---- Data excerpts

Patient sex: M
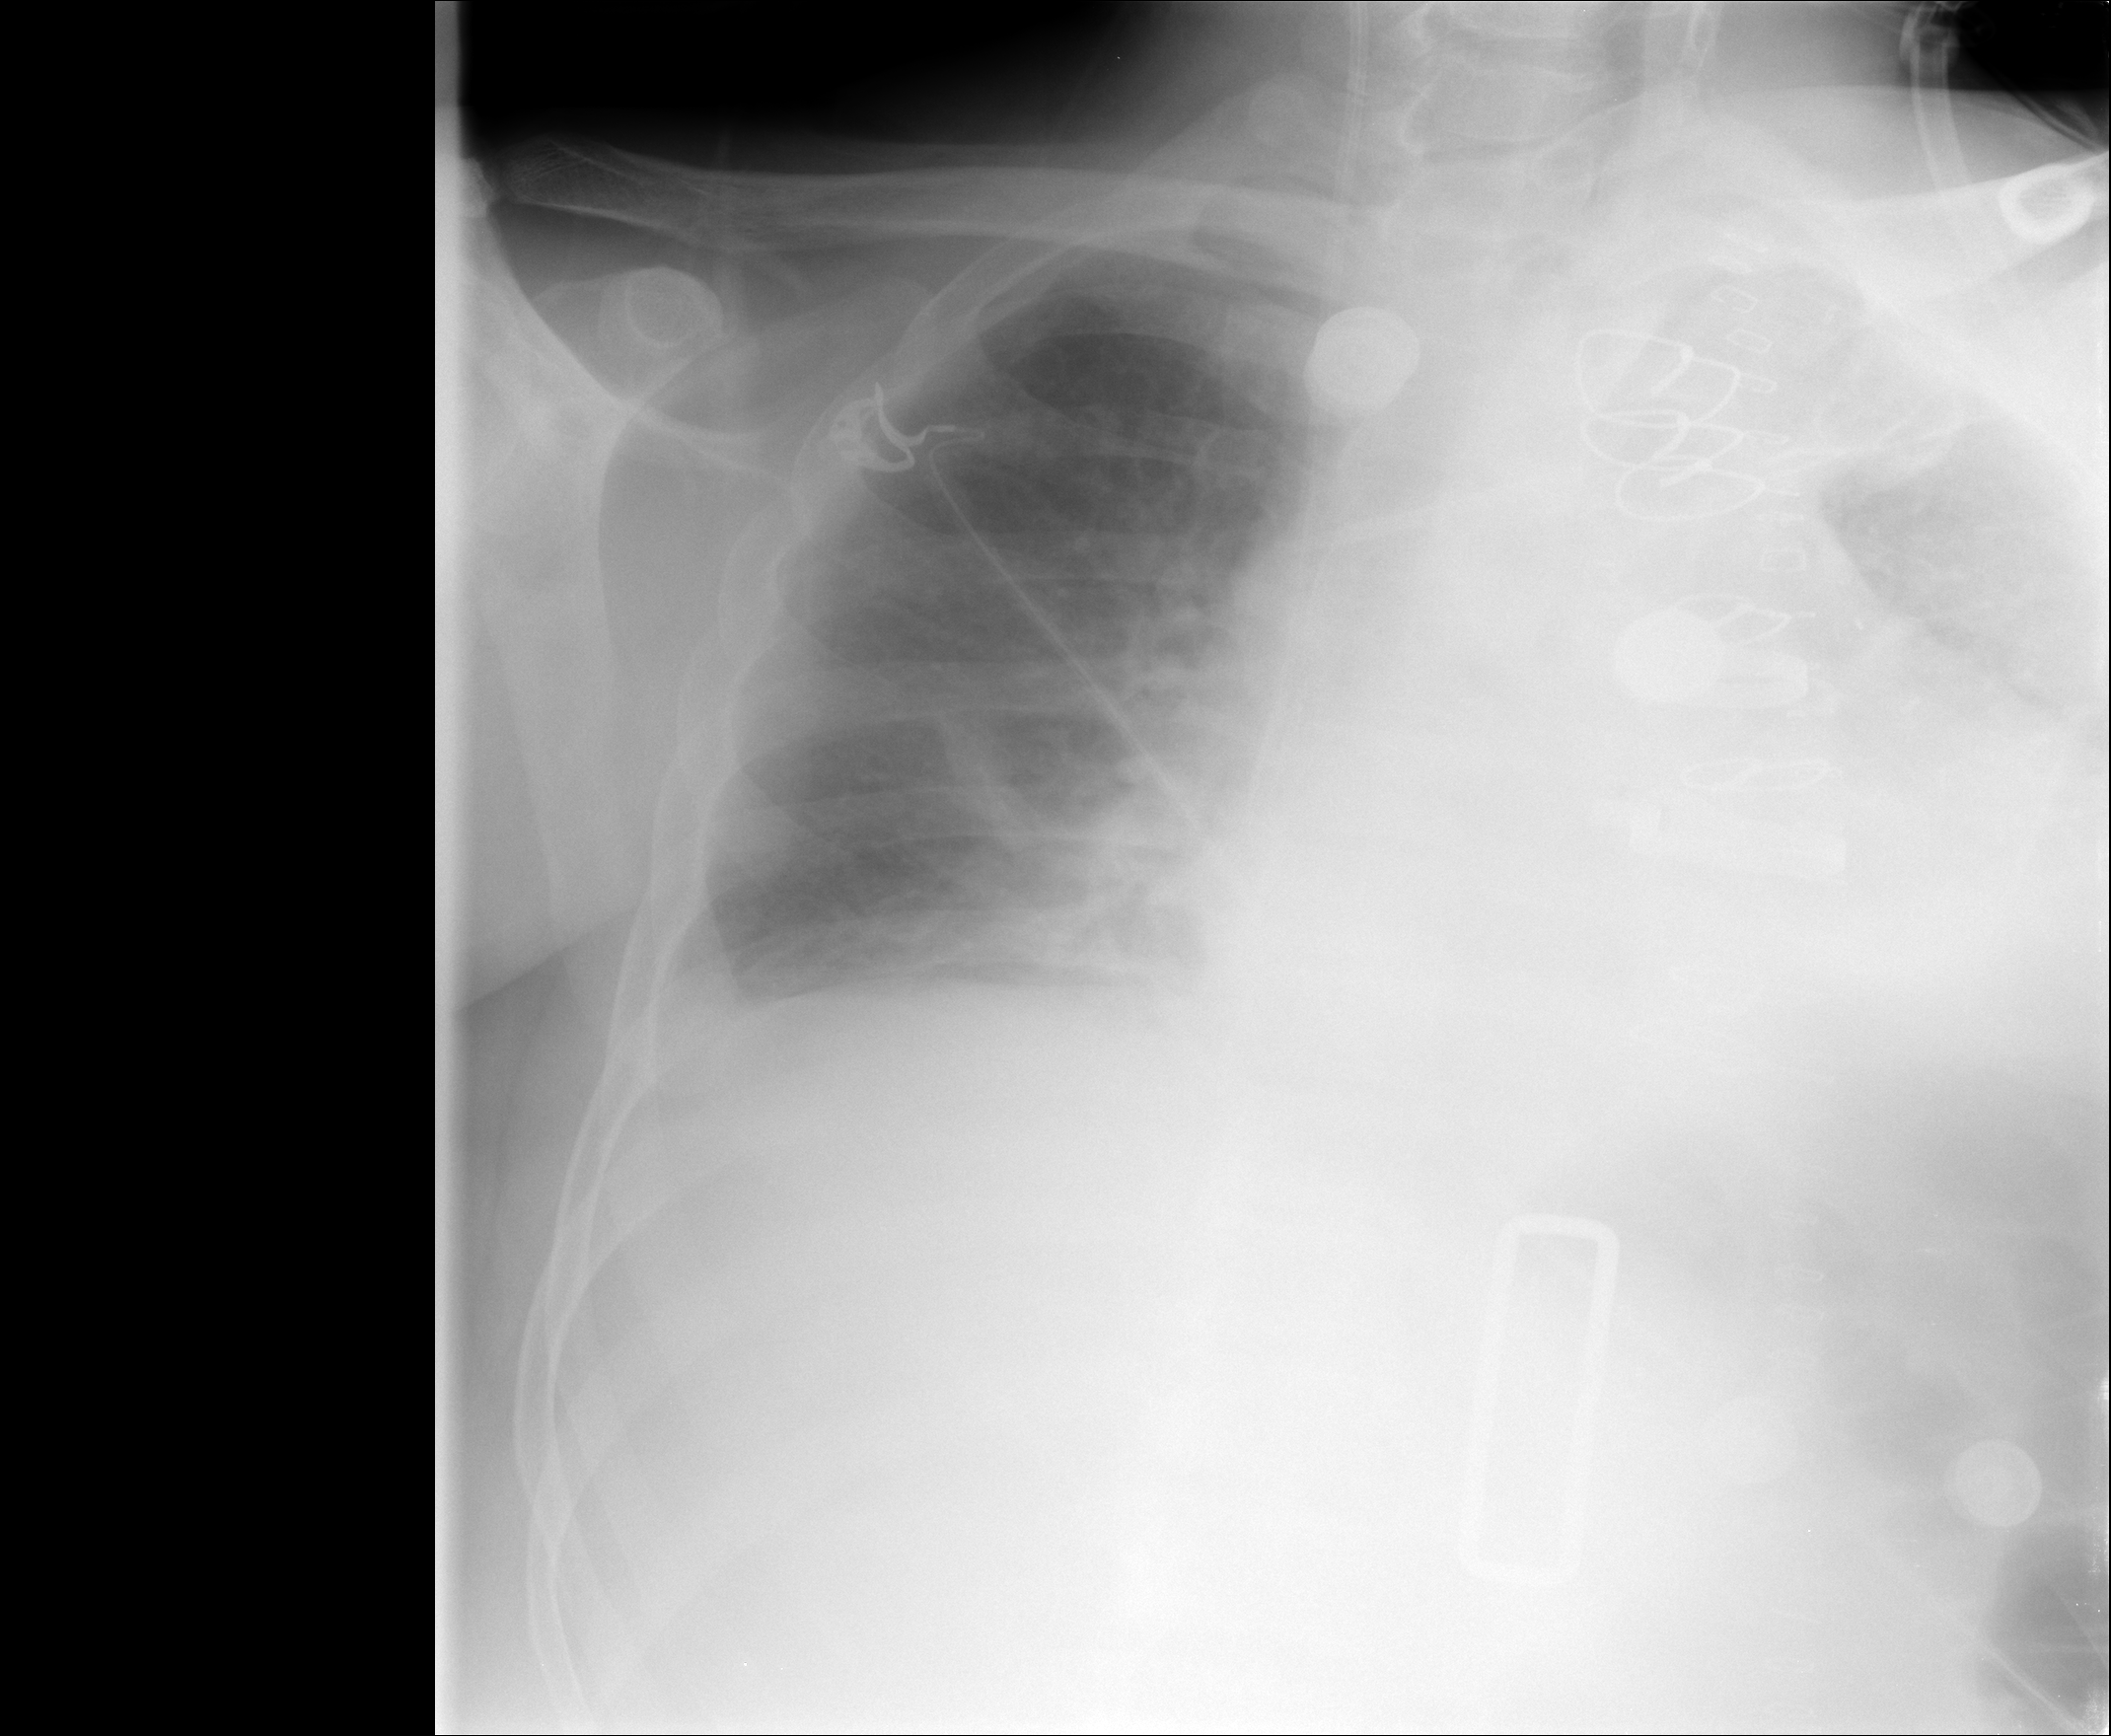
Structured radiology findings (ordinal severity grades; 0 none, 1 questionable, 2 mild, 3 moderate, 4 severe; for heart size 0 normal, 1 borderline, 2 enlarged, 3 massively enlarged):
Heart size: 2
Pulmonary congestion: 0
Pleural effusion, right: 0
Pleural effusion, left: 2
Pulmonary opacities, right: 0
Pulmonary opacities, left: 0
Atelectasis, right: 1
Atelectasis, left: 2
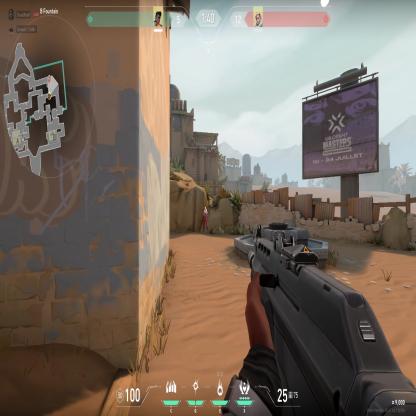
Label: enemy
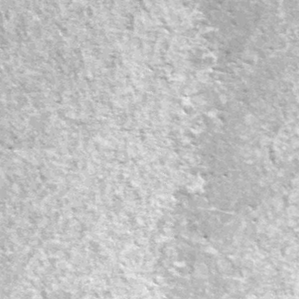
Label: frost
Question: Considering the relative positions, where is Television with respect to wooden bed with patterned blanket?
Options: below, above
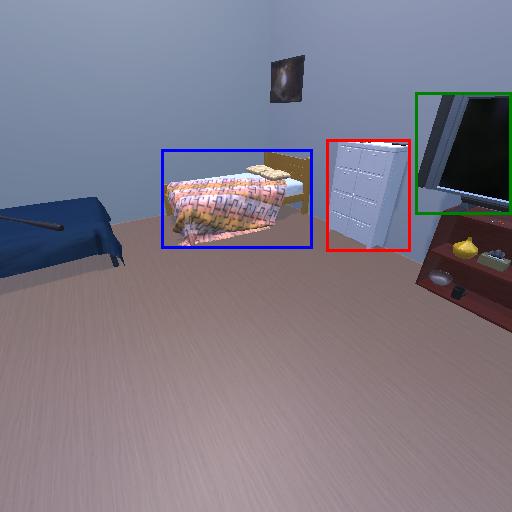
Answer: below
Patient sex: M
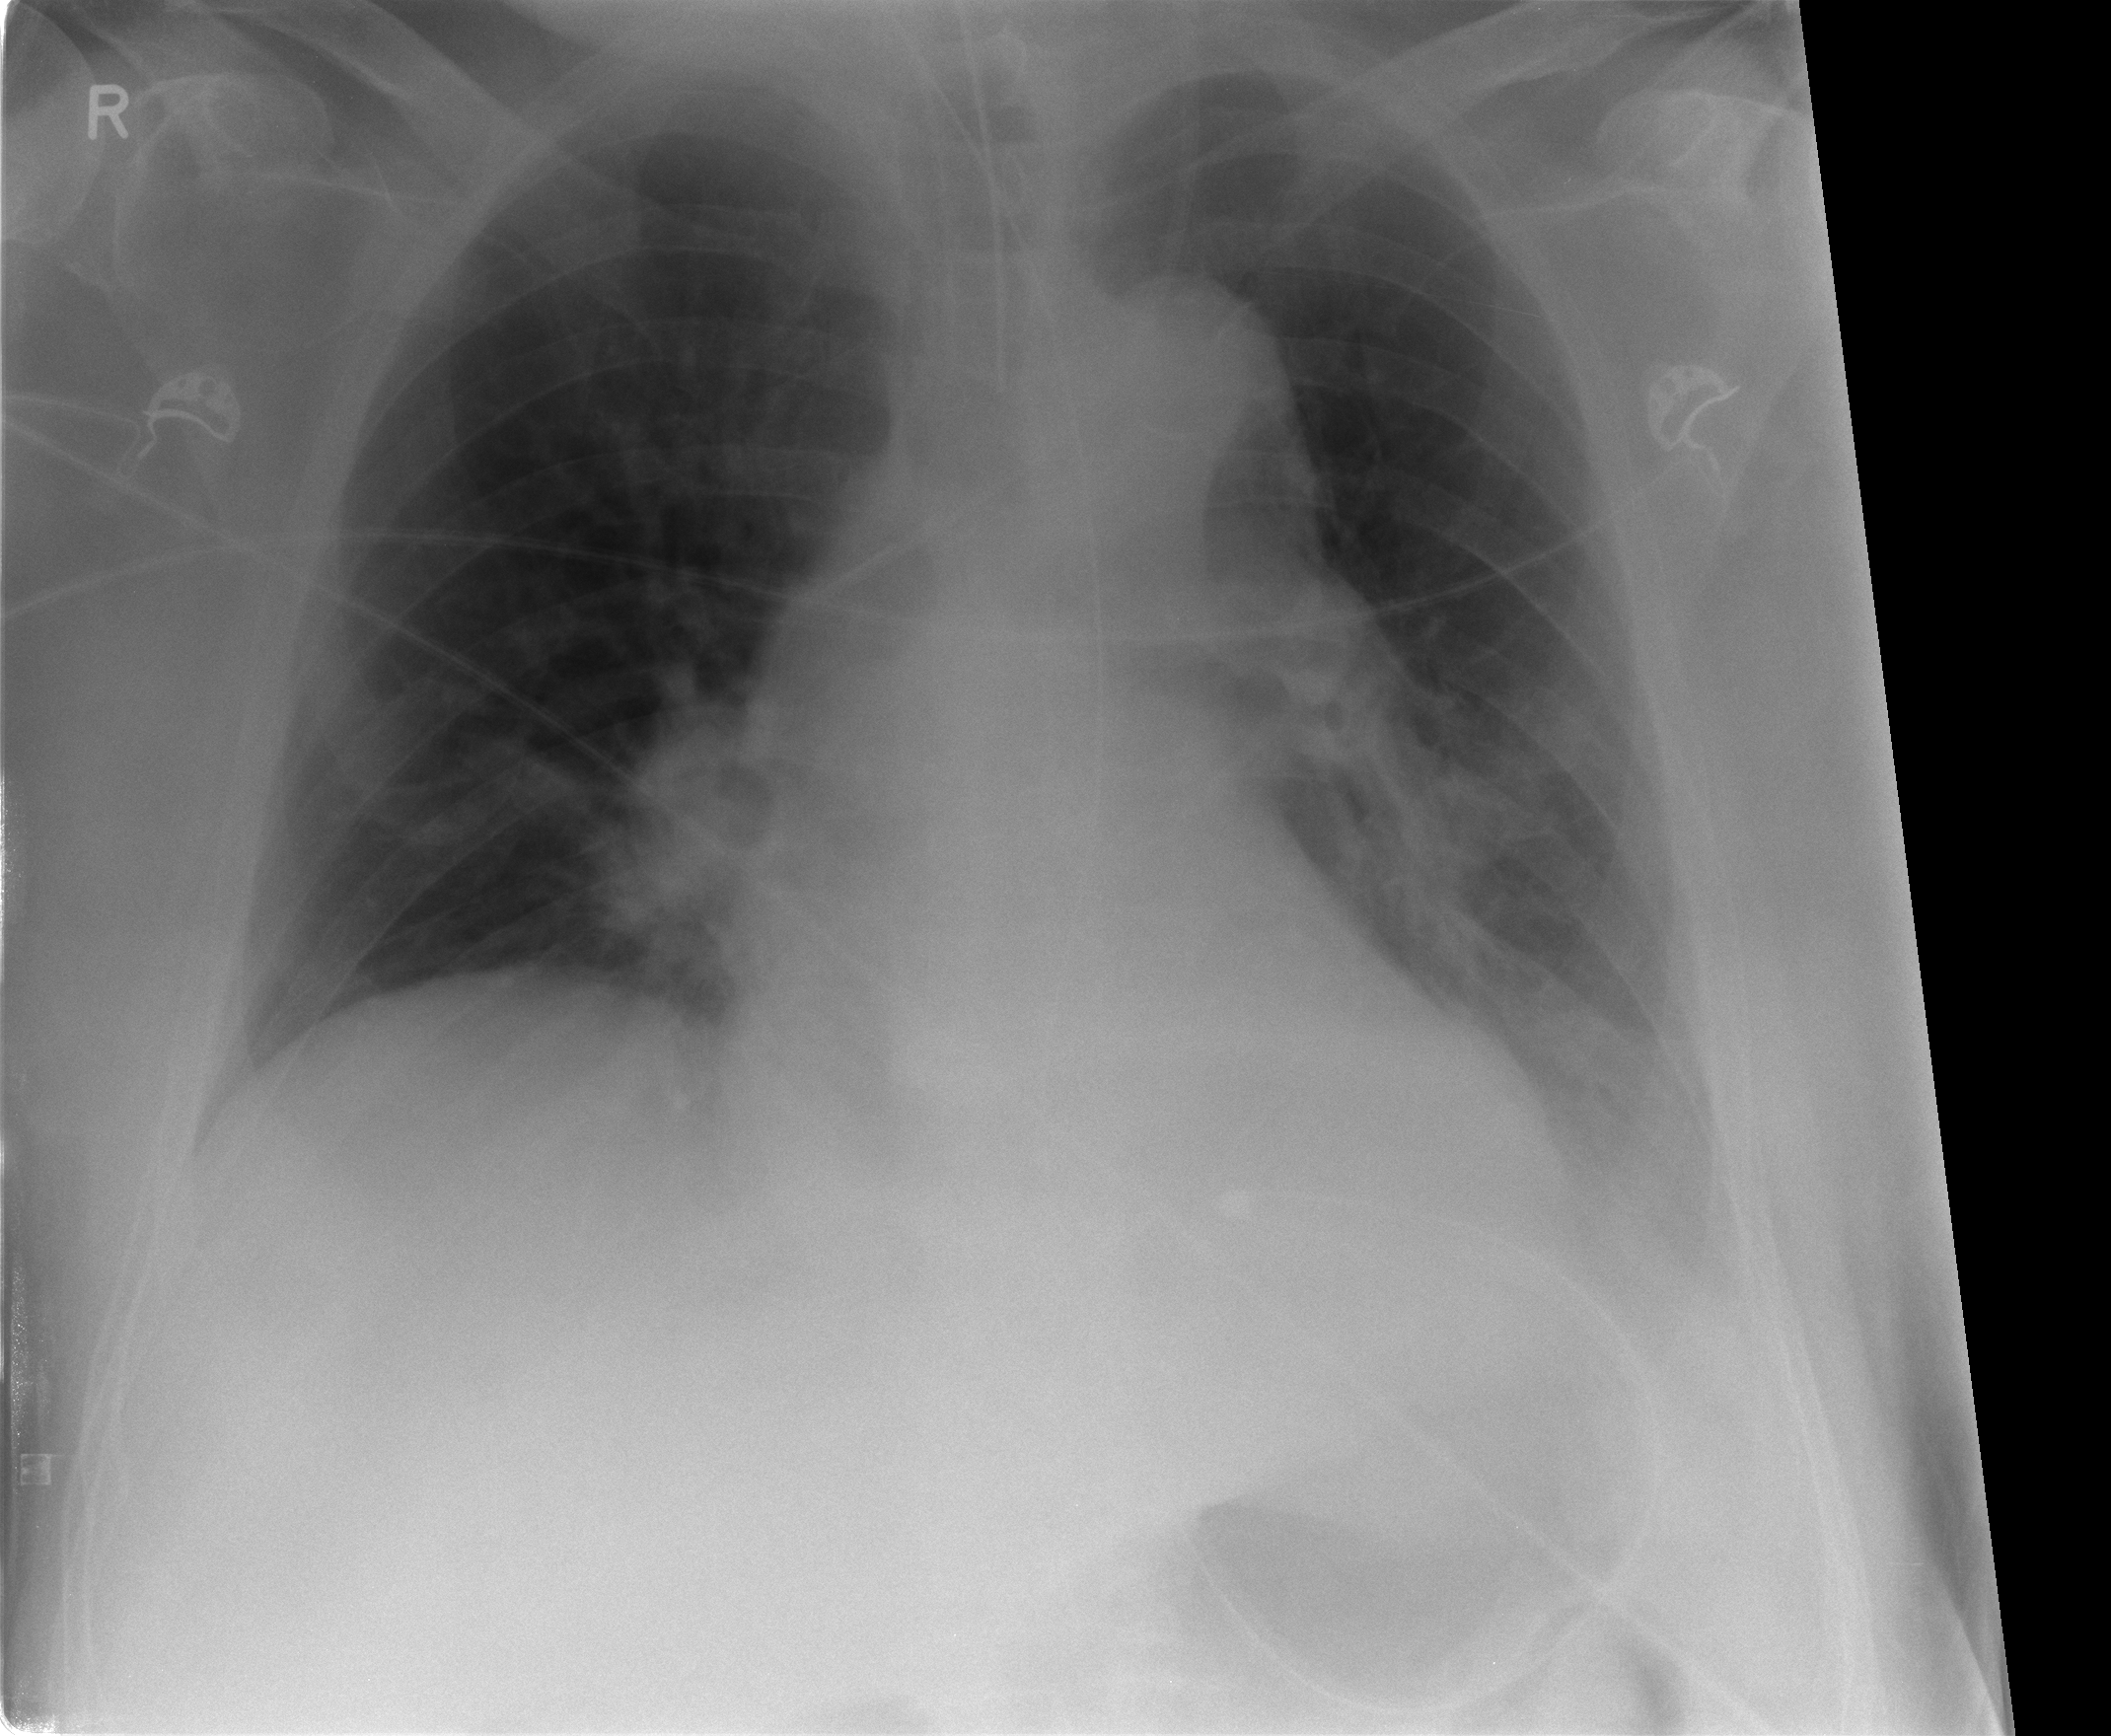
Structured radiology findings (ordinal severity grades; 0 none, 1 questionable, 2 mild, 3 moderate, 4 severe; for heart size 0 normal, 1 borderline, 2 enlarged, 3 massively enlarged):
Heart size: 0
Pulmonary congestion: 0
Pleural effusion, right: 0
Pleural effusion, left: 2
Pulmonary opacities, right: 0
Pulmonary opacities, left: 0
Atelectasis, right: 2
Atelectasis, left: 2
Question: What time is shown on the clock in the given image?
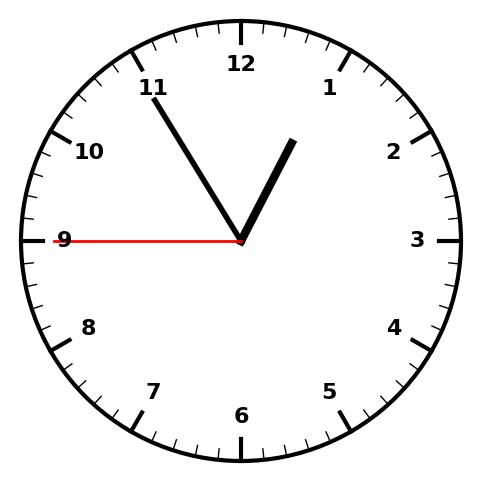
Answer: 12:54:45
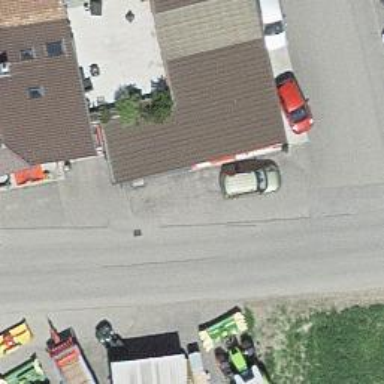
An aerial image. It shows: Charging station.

--------

Task statement: Output the data exactly as it appears. The pictures do not belong in it.

Task output:
Patient sex: M
Structured radiology findings (ordinal severity grades; 0 none, 1 questionable, 2 mild, 3 moderate, 4 severe; for heart size 0 normal, 1 borderline, 2 enlarged, 3 massively enlarged):
Heart size: 2
Pulmonary congestion: 0
Pleural effusion, right: 0
Pleural effusion, left: 2
Pulmonary opacities, right: 0
Pulmonary opacities, left: 0
Atelectasis, right: 1
Atelectasis, left: 2
Label: enemy
Label: frost
Question: Considering the relative positions, where is Television with respect to wooden bed with patterned blanket?
Options: below, above
Answer: below
Patient sex: M
Structured radiology findings (ordinal severity grades; 0 none, 1 questionable, 2 mild, 3 moderate, 4 severe; for heart size 0 normal, 1 borderline, 2 enlarged, 3 massively enlarged):
Heart size: 0
Pulmonary congestion: 0
Pleural effusion, right: 0
Pleural effusion, left: 2
Pulmonary opacities, right: 0
Pulmonary opacities, left: 0
Atelectasis, right: 2
Atelectasis, left: 2
Question: What time is shown on the clock in the given image?
Answer: 12:54:45
An aerial image. It shows: Charging station.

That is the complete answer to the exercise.